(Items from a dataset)
####################
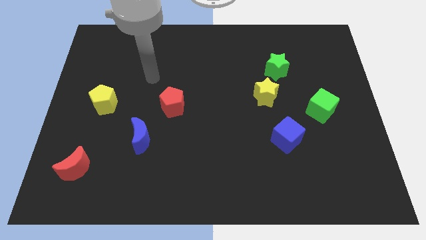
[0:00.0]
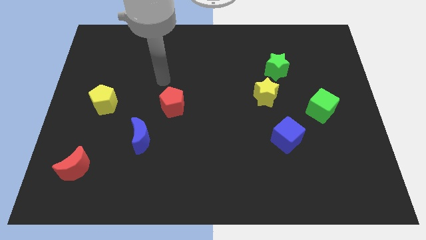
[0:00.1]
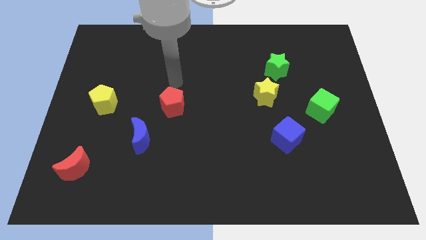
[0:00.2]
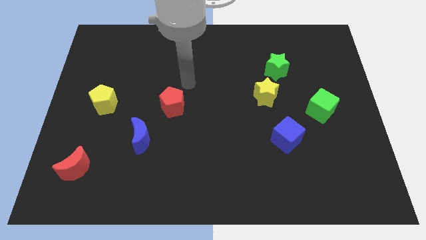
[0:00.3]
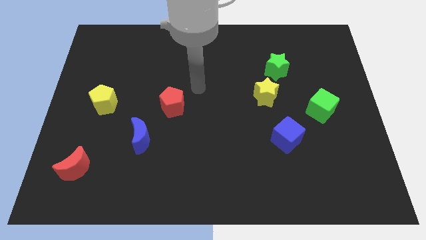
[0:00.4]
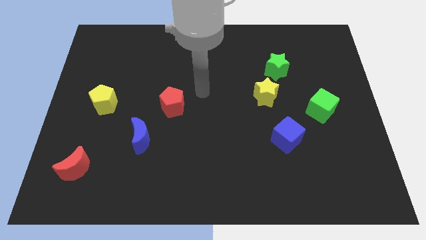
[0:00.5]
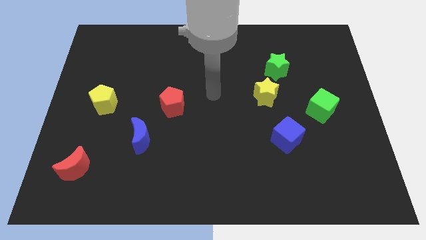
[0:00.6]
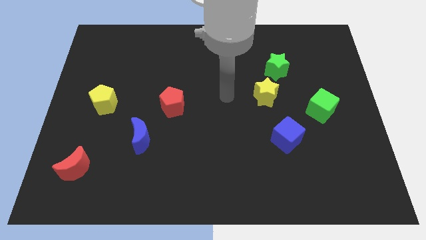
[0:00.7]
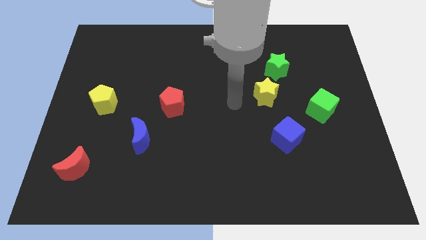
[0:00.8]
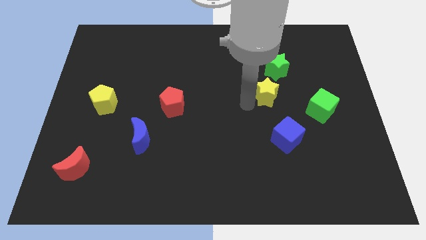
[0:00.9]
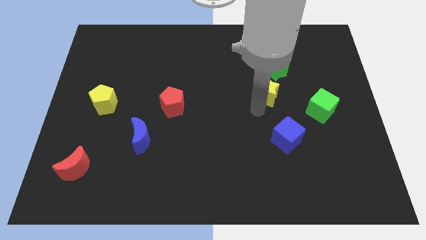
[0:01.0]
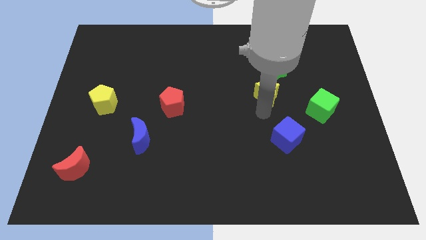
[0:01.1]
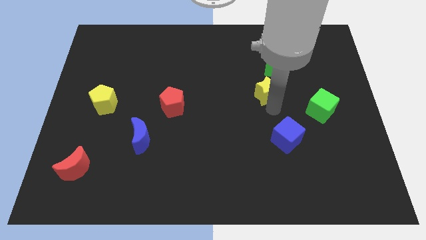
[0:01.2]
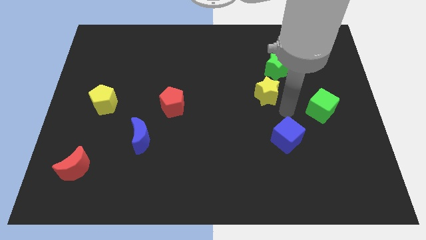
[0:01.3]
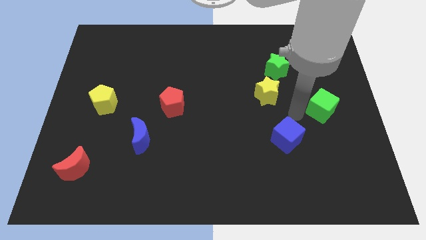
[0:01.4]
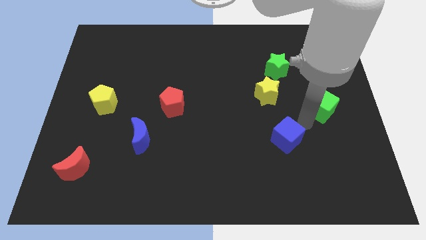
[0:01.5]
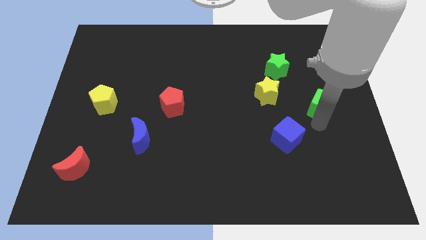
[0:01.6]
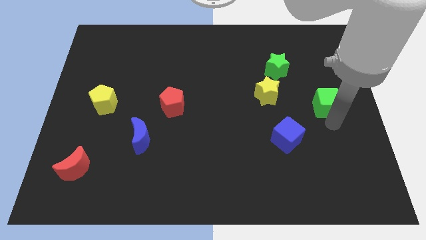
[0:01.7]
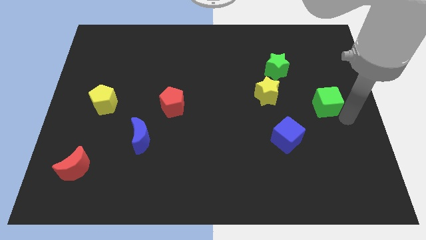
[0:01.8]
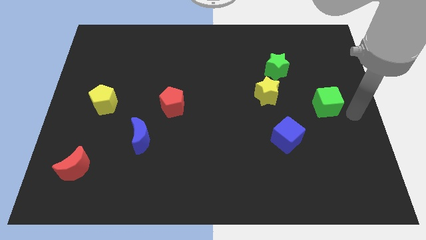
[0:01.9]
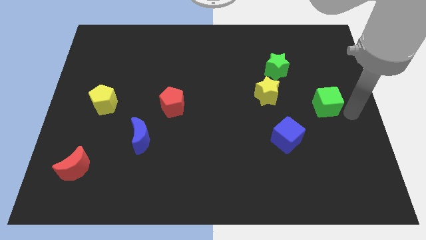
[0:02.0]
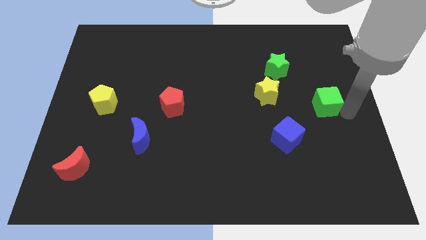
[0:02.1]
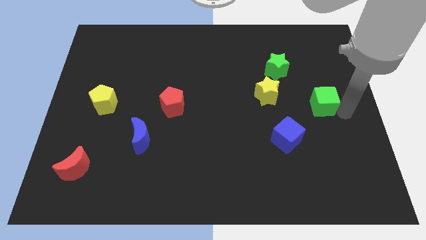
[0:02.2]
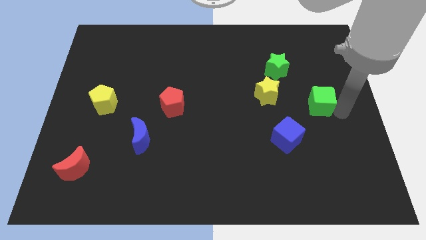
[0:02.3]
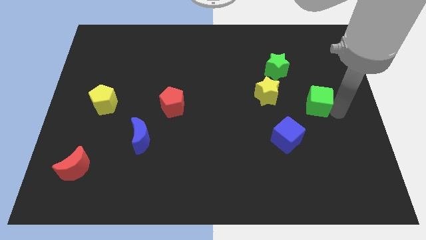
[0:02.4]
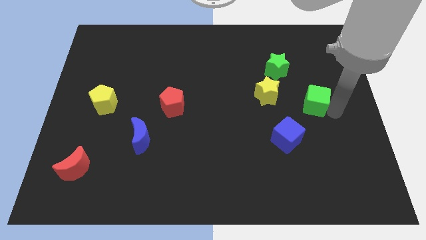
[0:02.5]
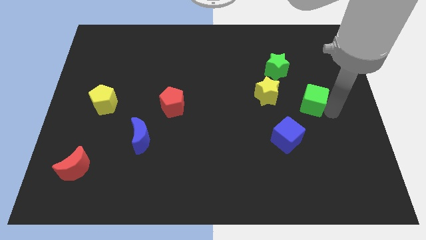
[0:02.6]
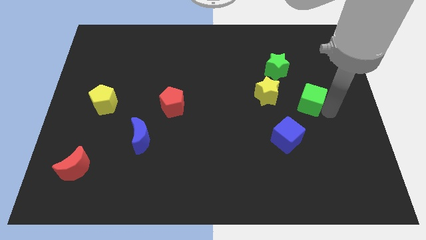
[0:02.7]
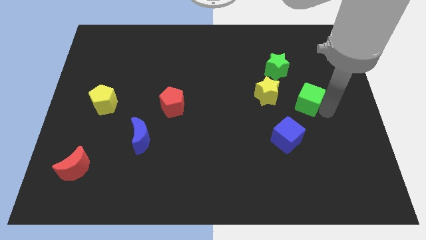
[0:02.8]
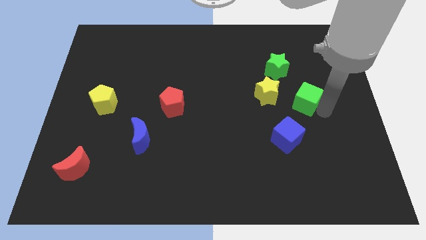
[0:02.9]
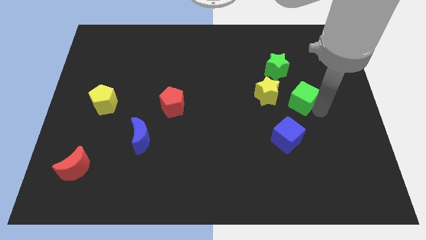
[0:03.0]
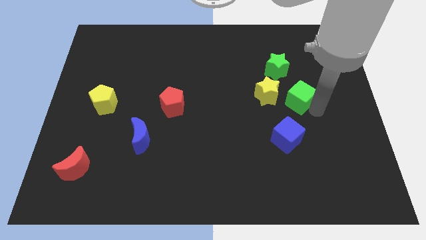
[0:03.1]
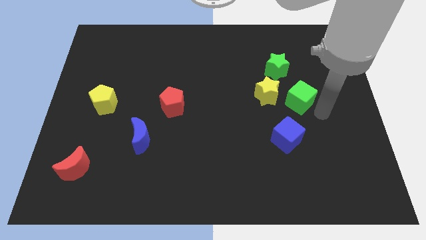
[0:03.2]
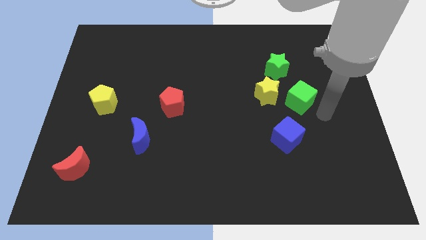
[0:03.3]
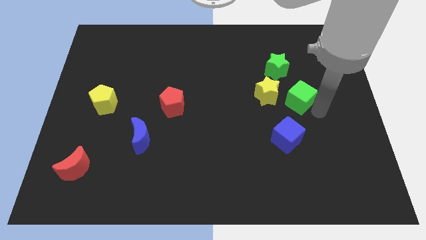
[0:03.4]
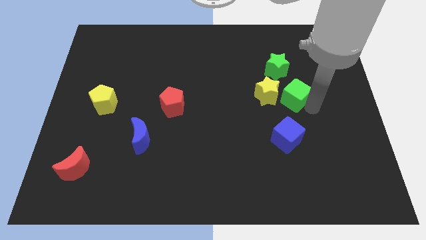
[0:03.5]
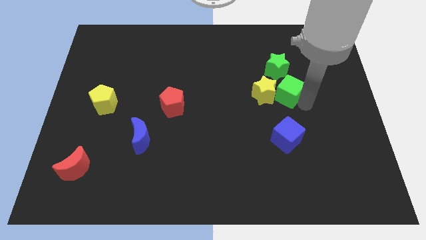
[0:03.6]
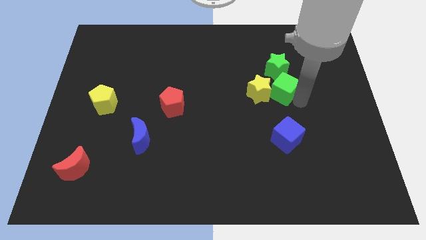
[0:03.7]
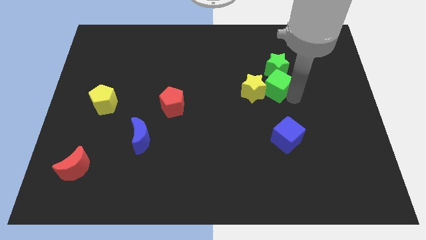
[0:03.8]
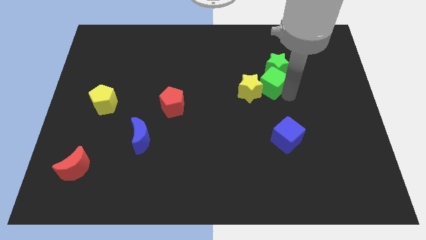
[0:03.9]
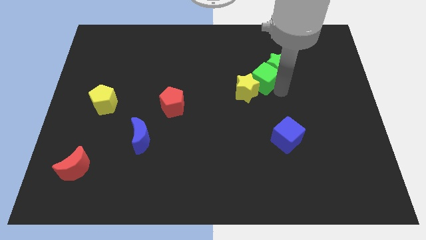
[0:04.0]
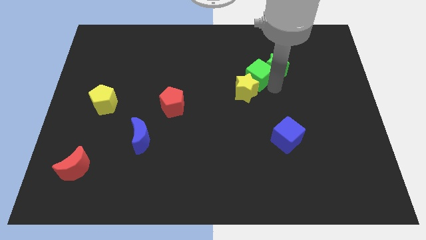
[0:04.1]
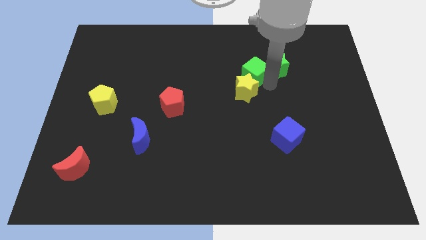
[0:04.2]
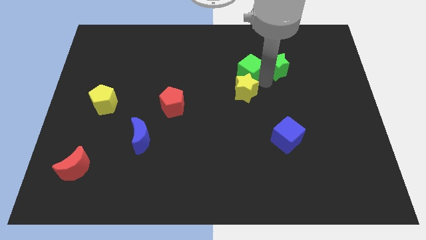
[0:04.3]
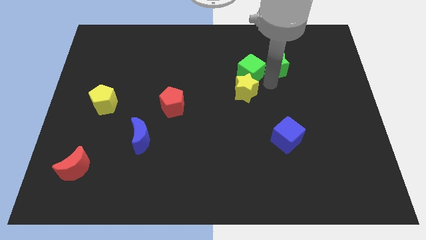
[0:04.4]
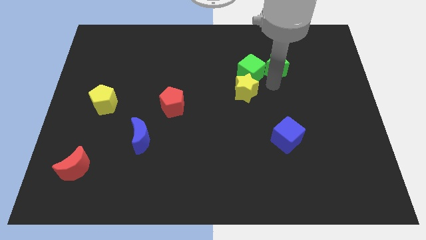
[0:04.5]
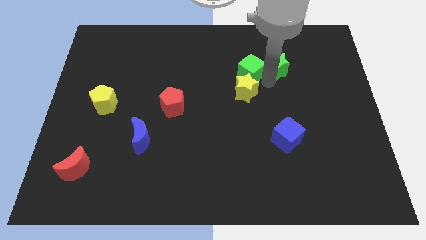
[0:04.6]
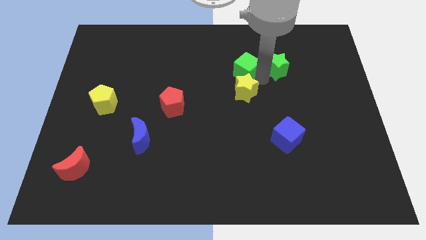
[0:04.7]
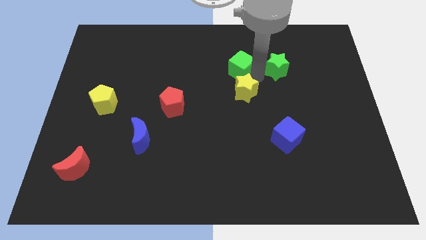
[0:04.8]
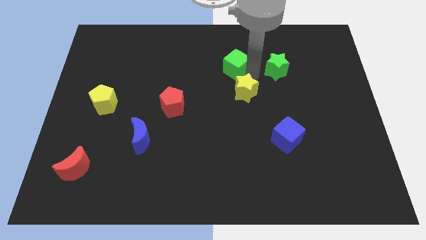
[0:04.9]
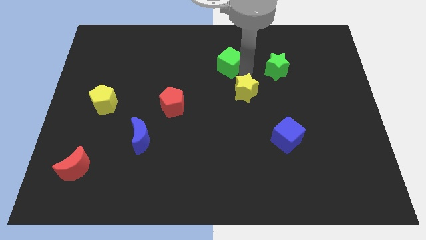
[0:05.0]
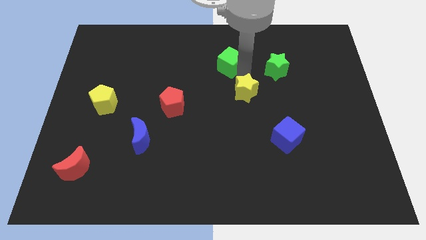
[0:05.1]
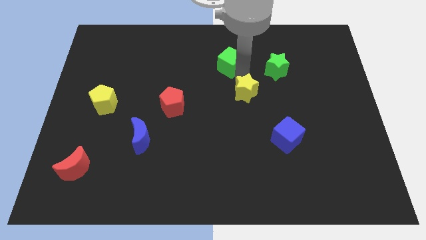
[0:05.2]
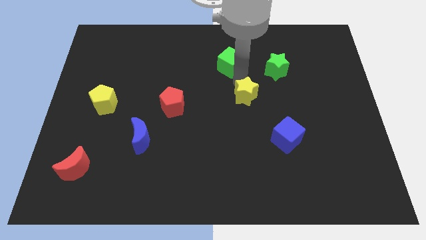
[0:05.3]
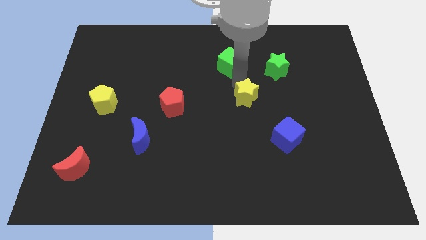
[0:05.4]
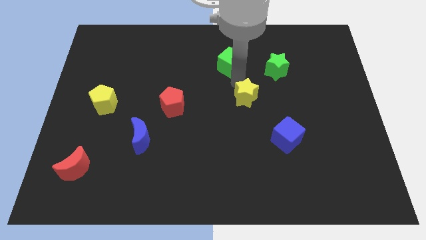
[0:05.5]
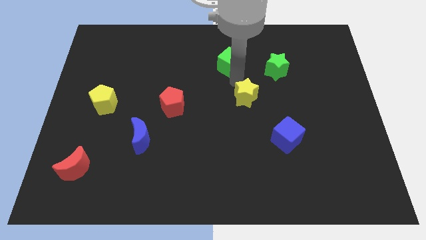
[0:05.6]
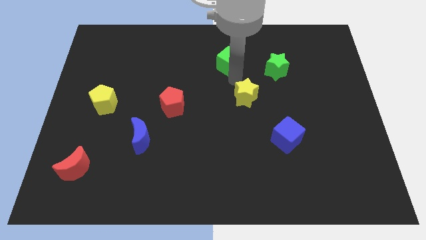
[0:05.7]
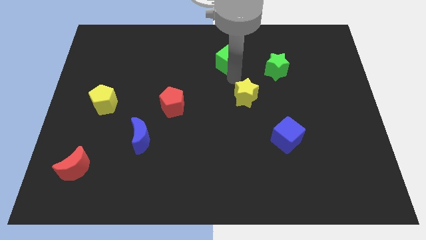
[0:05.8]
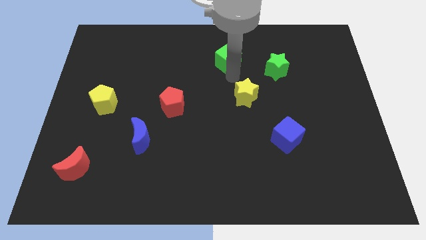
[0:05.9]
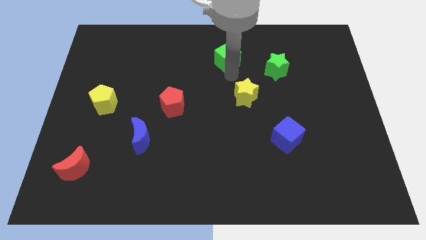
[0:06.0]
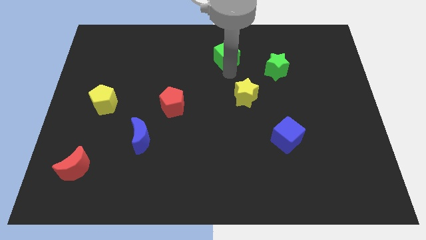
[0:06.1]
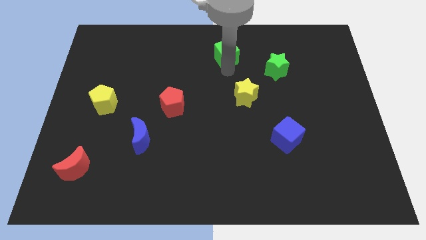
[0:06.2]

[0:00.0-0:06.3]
push the green cube to the top side
####################
[Activity]: Restate the data word for word while omitting each picture.

[Result below]:
[0:00.0]
[0:00.1]
[0:00.2]
[0:00.3]
[0:00.4]
[0:00.5]
[0:00.6]
[0:00.7]
[0:00.8]
[0:00.9]
[0:01.0]
[0:01.1]
[0:01.2]
[0:01.3]
[0:01.4]
[0:01.5]
[0:01.6]
[0:01.7]
[0:01.8]
[0:01.9]
[0:02.0]
[0:02.1]
[0:02.2]
[0:02.3]
[0:02.4]
[0:02.5]
[0:02.6]
[0:02.7]
[0:02.8]
[0:02.9]
[0:03.0]
[0:03.1]
[0:03.2]
[0:03.3]
[0:03.4]
[0:03.5]
[0:03.6]
[0:03.7]
[0:03.8]
[0:03.9]
[0:04.0]
[0:04.1]
[0:04.2]
[0:04.3]
[0:04.4]
[0:04.5]
[0:04.6]
[0:04.7]
[0:04.8]
[0:04.9]
[0:05.0]
[0:05.1]
[0:05.2]
[0:05.3]
[0:05.4]
[0:05.5]
[0:05.6]
[0:05.7]
[0:05.8]
[0:05.9]
[0:06.0]
[0:06.1]
[0:06.2]

[0:00.0-0:06.3]
push the green cube to the top side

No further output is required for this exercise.